■ Work item ■
With pictures left out, set down every record word for word.

[Dataset items]
══════════════════════════════

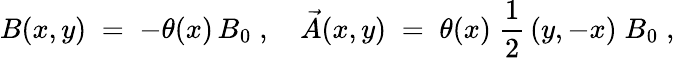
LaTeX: B(x,y)\; =\; -\theta(x)\, B_{0}\; ,\quad\vec{A}(x,y)\; =\; \theta(x)\; \frac{1}{2}\, (y,-x)\; B_{0}\; ,
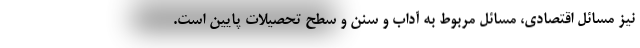
نیز مسائل اقتصادی، مسائل مربوط به آداب و سنن و سطح تحصیلات پایین است.
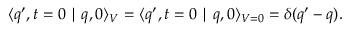
\langle q ^ { \prime } , t = 0 \mid q , 0 \rangle _ { V } = \langle q ^ { \prime } , t = 0 \mid q , 0 \rangle _ { V = 0 } = \delta ( q ^ { \prime } - q ) .
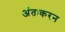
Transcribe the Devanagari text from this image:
अंतःकरन
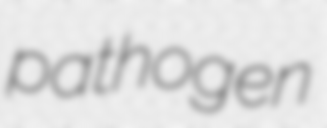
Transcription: pathogen
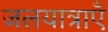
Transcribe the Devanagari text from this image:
जलयात्राएँ
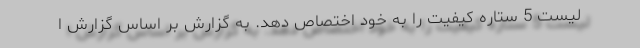
لیست 5 ستاره کیفیت را به خود اختصاص دهد. به گزارش بر اساس گزارش ا
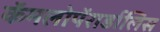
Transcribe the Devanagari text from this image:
कॅमलोपॅरार्डालिस
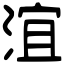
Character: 𣶺
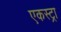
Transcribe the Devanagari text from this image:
एकस्ट्रा
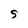
Character: S
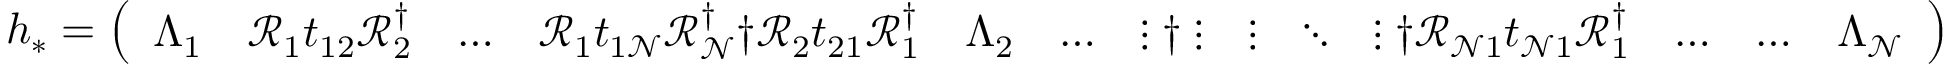
\begin{array} { r } { h _ { * } = \left( \begin{array} { l l l l l l l l l l l l l } { \Lambda _ { 1 } } & { \mathcal { R } _ { 1 } t _ { 1 2 } \mathcal { R } _ { 2 } ^ { \dagger } } & { \dots } & { \mathcal { R } _ { 1 } t _ { 1 \mathcal { N } } \mathcal { R } _ { \mathcal { N } } ^ { \dagger } \dag \mathcal { R } _ { 2 } t _ { 2 1 } \mathcal { R } _ { 1 } ^ { \dagger } } & { \Lambda _ { 2 } } & { \dots } & { \vdots \dag \vdots } & { \vdots } & { \ddots } & { \vdots \dag \mathcal { R } _ { \mathcal { N } 1 } t _ { \mathcal { N } 1 } \mathcal { R } _ { 1 } ^ { \dagger } } & { \dots } & { \dots } & { \Lambda _ { \mathcal { N } } } \end{array} \right) } \end{array}
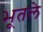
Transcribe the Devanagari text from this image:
भूतले
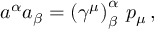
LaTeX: a ^ { \alpha } a _ { \beta } = \left( \gamma ^ { \mu } \right) _ { \beta } ^ { \alpha } \, p _ { \mu } \, ,
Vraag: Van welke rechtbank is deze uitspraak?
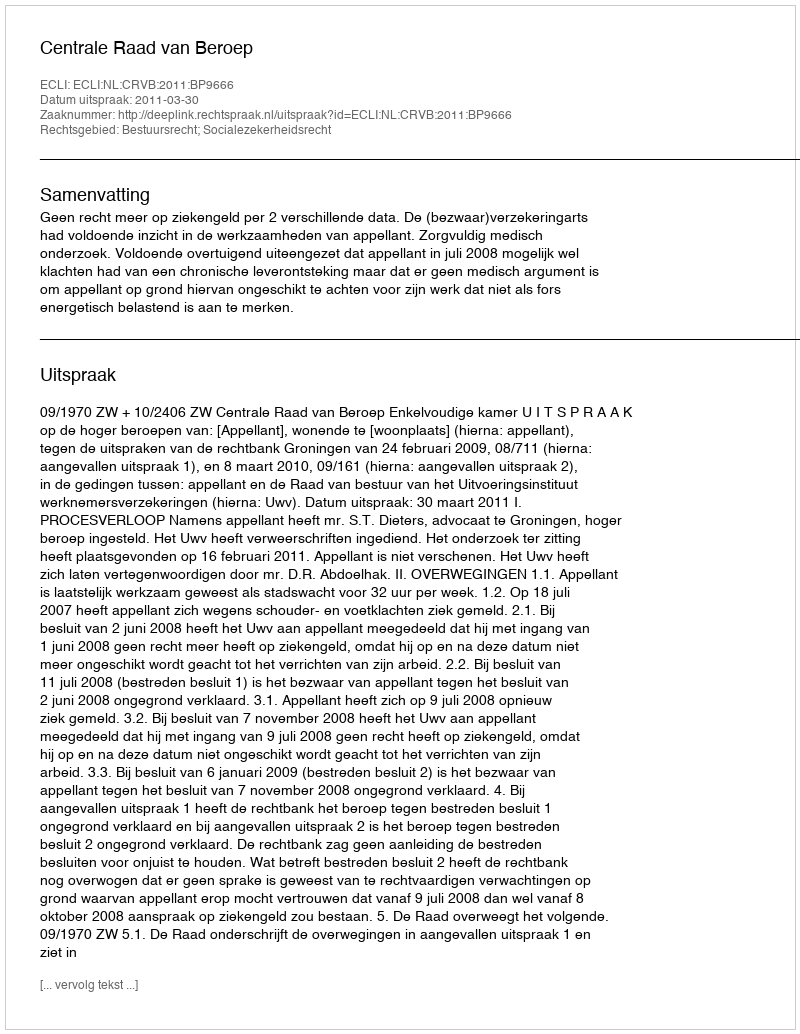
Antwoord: Centrale Raad van Beroep
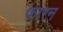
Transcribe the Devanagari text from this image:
फारन
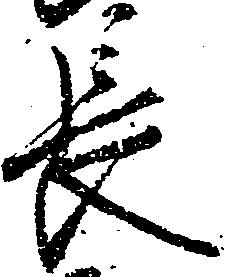
長
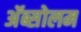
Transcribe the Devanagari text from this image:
अॅब्सोलम
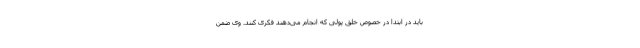
باید در ابتدا در خصوص خلق پولی که انجام می‌دهند فکری کنند. وی ضمن
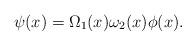
LaTeX: \begin{align*}\psi(x)=\Omega_1(x)\omega_2(x)\phi(x).\end{align*}
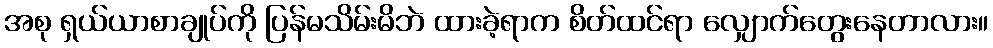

══════════════════════════════

■ Response for this exercise ■
LaTeX: B(x,y)\; =\; -\theta(x)\, B_{0}\; ,\quad\vec{A}(x,y)\; =\; \theta(x)\; \frac{1}{2}\, (y,-x)\; B_{0}\; ,
نیز مسائل اقتصادی، مسائل مربوط به آداب و سنن و سطح تحصیلات پایین است.
\langle q ^ { \prime } , t = 0 \mid q , 0 \rangle _ { V } = \langle q ^ { \prime } , t = 0 \mid q , 0 \rangle _ { V = 0 } = \delta ( q ^ { \prime } - q ) .
Transcribe the Devanagari text from this image:
अंतःकरन
Transcription: pathogen
Transcribe the Devanagari text from this image:
जलयात्राएँ
لیست 5 ستاره کیفیت را به خود اختصاص دهد. به گزارش بر اساس گزارش ا
Transcribe the Devanagari text from this image:
कॅमलोपॅरार्डालिस
Character: 𣶺
Transcribe the Devanagari text from this image:
एकस्ट्रा
Character: S
\begin{array} { r } { h _ { * } = \left( \begin{array} { l l l l l l l l l l l l l } { \Lambda _ { 1 } } & { \mathcal { R } _ { 1 } t _ { 1 2 } \mathcal { R } _ { 2 } ^ { \dagger } } & { \dots } & { \mathcal { R } _ { 1 } t _ { 1 \mathcal { N } } \mathcal { R } _ { \mathcal { N } } ^ { \dagger } \dag \mathcal { R } _ { 2 } t _ { 2 1 } \mathcal { R } _ { 1 } ^ { \dagger } } & { \Lambda _ { 2 } } & { \dots } & { \vdots \dag \vdots } & { \vdots } & { \ddots } & { \vdots \dag \mathcal { R } _ { \mathcal { N } 1 } t _ { \mathcal { N } 1 } \mathcal { R } _ { 1 } ^ { \dagger } } & { \dots } & { \dots } & { \Lambda _ { \mathcal { N } } } \end{array} \right) } \end{array}
Transcribe the Devanagari text from this image:
भूतले
LaTeX: a ^ { \alpha } a _ { \beta } = \left( \gamma ^ { \mu } \right) _ { \beta } ^ { \alpha } \, p _ { \mu } \, ,
Vraag: Van welke rechtbank is deze uitspraak?
Antwoord: Centrale Raad van Beroep
Transcribe the Devanagari text from this image:
फारन
長
Transcribe the Devanagari text from this image:
अॅब्सोलम
باید در ابتدا در خصوص خلق پولی که انجام می‌دهند فکری کنند. وی ضمن
LaTeX: \begin{align*}\psi(x)=\Omega_1(x)\omega_2(x)\phi(x).\end{align*}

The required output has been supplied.